# Are universal types a sub-type, or special case, of existential types?

I would like to know whether a universally-quantified type $T_a$: $$T_a = \forall X: \left\{ a\in X,f:X→\{T, F\} \right\}$$ is a sub-type, or special case, of an existentially-quantified type $T_e$ with the same signature: $$T_e = \exists X: \left\{ a\in X,f:X→\{T, F\} \right\}$$

I’d say “yes”: If something is true “for all X” ($\forall X$), then it must also be true “for some X” ($\exists X$). That is, a statement with ‘$\forall$’ is simply a more restricted version of the same statement with ‘$\exists$’: $$∀X, P(X) \overset?\implies ∃X, P(X).$$

Am I wrong somewhere?

Background: Why am I asking this?

I am studying existential types in order to understand why and how “Abstract [Data] Types Have Existential Type”. I cannot get a good grasp of this concept from theory alone; I need concrete examples, too.

Unfortunately, good code examples are hard to find because most programming languages have only limited support for existential types. (For instance, Haskell’s forall, or Java’s ? wildcards.) On the other hand, universally-quantified types are supported by many recent languages via “generics”.

What’s worse, generics seems to easily get mixed up with existential types, too, making it even harder to tell apart existential from universal types. I’m curious why this mix-up occurs so easily. An answer to this question might explain it: If universal types are indeed only a special case of existential types, then it’s no wonder that generic types, e.g. Java’s List<T>, can be interpreted either way.

First, from a mathematical point of view, $\forall x:T, P(x)$ does not imply $\exists x:T,P(x)$. The implication holds if and only if $T$ is not empty. However, in programming languages, it is uncommon to deal with empty types (though it happens).
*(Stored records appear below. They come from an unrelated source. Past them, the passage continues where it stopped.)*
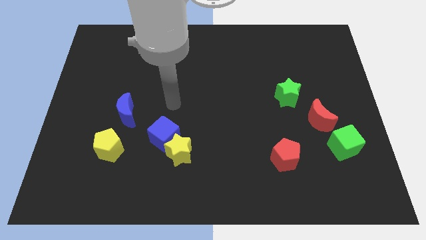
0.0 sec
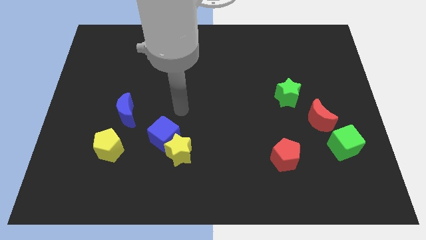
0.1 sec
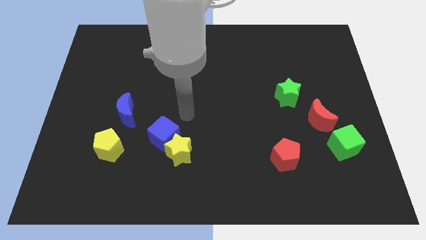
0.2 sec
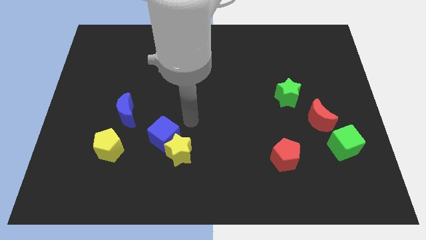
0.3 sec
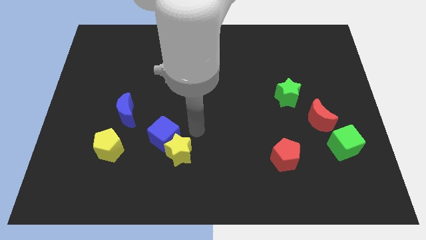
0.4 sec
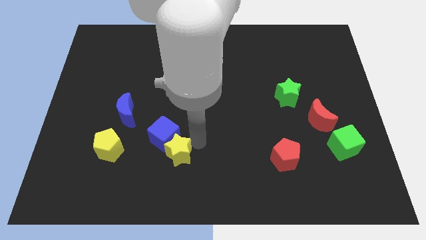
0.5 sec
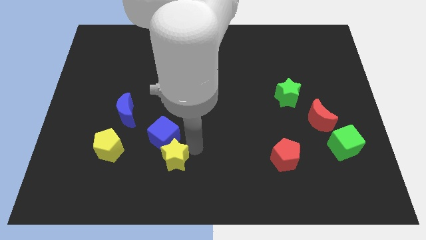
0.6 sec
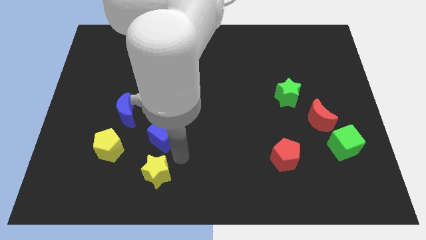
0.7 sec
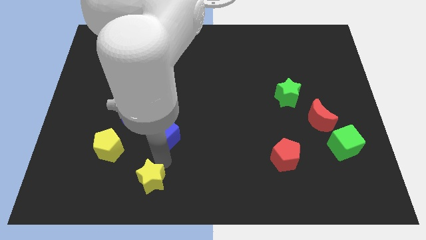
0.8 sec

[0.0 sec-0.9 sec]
move the blue cube away from the yellow star

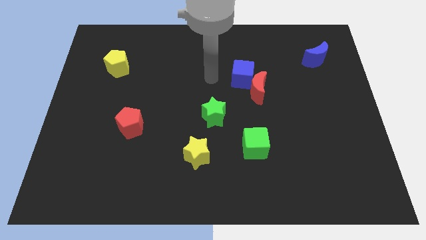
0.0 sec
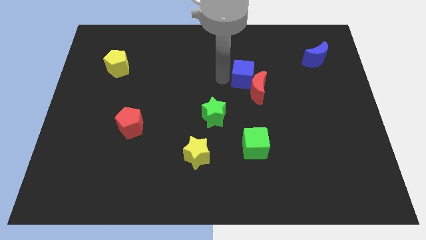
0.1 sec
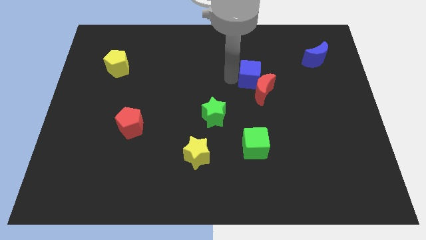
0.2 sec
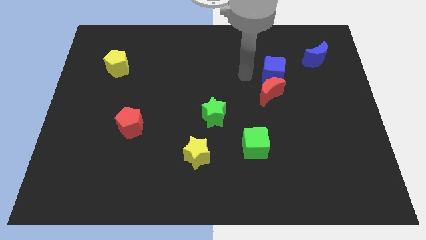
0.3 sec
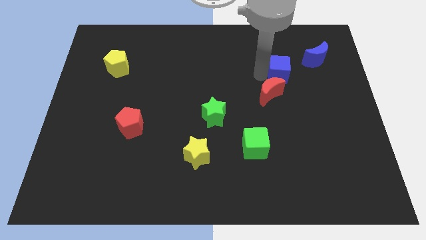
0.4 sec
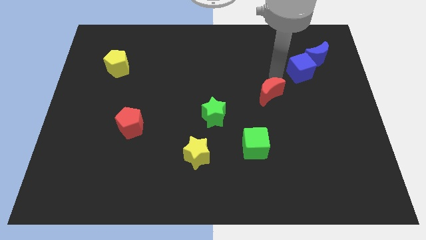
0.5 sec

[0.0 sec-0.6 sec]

Still from a mathematical point of view, even when $(\forall x:T, P(x)) ⇒ (\exists x:T, P(x))$, the two are not the same. If you give types a set semantics, then $T_a$ is a superset of $T_e$, not the same type. (Actually it’s not a superset; it’s close to isomorphic to a superset.)

Let’s get closer to programming language theory and see what these types actually mean. $T_a = ∀X.\{a: X, f: X\rightarrow\mathsf{bool}\}$ is a universal type: if you have a value $A$ of that type, you can construct $A(M)$ for any $M:X$. In particular, if you have $M_1$ and $M_2$ both of type $X$, you can construct $A(M_1)$ and $A(M_2)$. In essence (and possibly in effect, depending on the language) $T_a$ is a function from types to terms. As such, the universal type provides type parametrization: one value working for all types. Universal types are at the heart of polymorphism.

The existential type $T_e = \exists X.\{a: X, f: X\rightarrow\mathsf{bool}\}$ is quite a different beast. Given a value $B$ of type $T_e$, there is only one term $N: X$ such that $\pi_1(B) = N$, and for this term $\pi_2(B) = \{a:N, f:N\rightarrow\mathsf{bool}\}$. The existential type provides a way to hide the nature of $N$; it’s saying, “There exists a type! But I won’t tell you which!”. As such, the existential type provides type abstraction: one specific hidden value. Existential types are at the heart of module systems.

Don’t get mislead by Haskell’s forall: despite its name, it’s a form of existential quantifier.

For background, I strongly recommend Types and Programming Languages (chapters 23 and 24 discuss universal types and existential types respectively). It’s will provide useful background to understand research articles.